Woodstock Blog

a tech blog for general algorithmic interview questions

[Design] How Google Search Works

Overview

Launched on Sep 15th, 1997

60 trillion individual pages. 100 million GB data.

40,000 search per second, or 3 billion search per day.

As of Feb 2015, 65% market share in US.

1. Crawl

Google crawl from 1 page to another using Googlebot. It starts from previous urls crawled, or augmented with Sitemap data

A sitemap is a list of pages of a web site accessible to crawlers or users. It can be either a document in any form used as a planning tool for Web design, or a Web page that lists the pages on a Web site, typically organized in hierarchical fashion.

2. Indexing

Compile the data (key content tags, atrributes, like title tags, ALT attributes). Google don’t process rich media or dynamic files.

3. Algorithm

When search, pull all relevant results from the Index.

Rank the result based on 200+ factors, one of which is the PageRank for a given page.

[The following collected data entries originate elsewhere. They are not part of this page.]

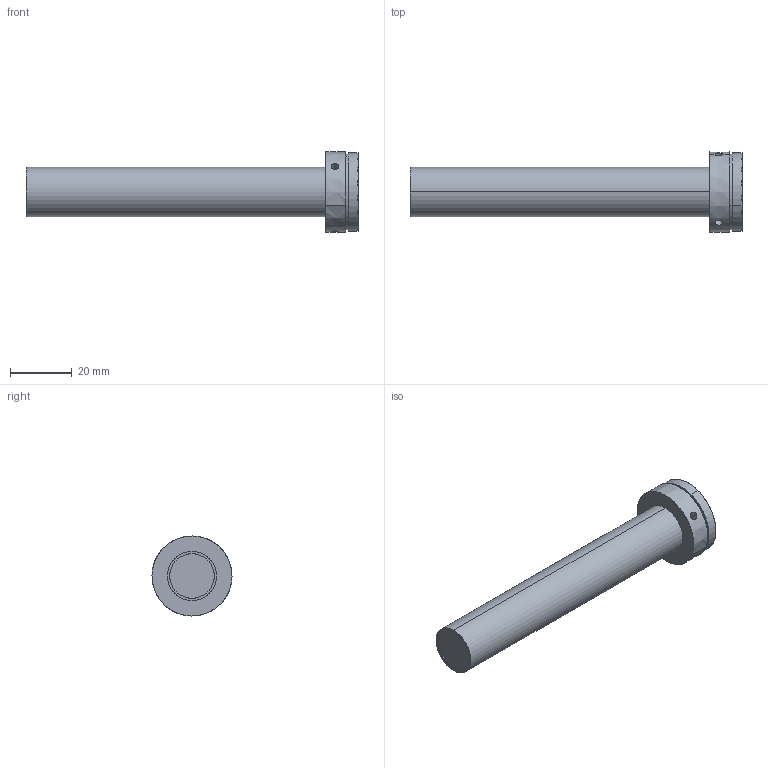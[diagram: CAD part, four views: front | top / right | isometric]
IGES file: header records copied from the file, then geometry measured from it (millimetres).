
Start section: SolidWorks IGES file using analytic representation for surfaces
Global section: file name: WWL40-65A.IGS; native system: SolidWorks 2012; preprocessor: SolidWorks 2012; author: frank; date: 170808.112904; units: millimetre
Bounding box: 107.83 x 26 x 26 mm (x, y, z)
Surface area: 7057.4 mm2 (no closed solid volume)
Topology: 0 solids, 0 shells, 34 faces, 818 edges, 816 vertices
Faces by surface type: revolution 27, bspline 7

PageRank is the measure of the importance of a page based on the incoming links from other pages. In simple terms, each link to a page on your site from another site adds to your site’s PageRank.

Not all links are equal: Google works hard to identify spam links. The best types of links are those that are given based on the quality of your content.

To rank higher, follow Webmaster Guidelines.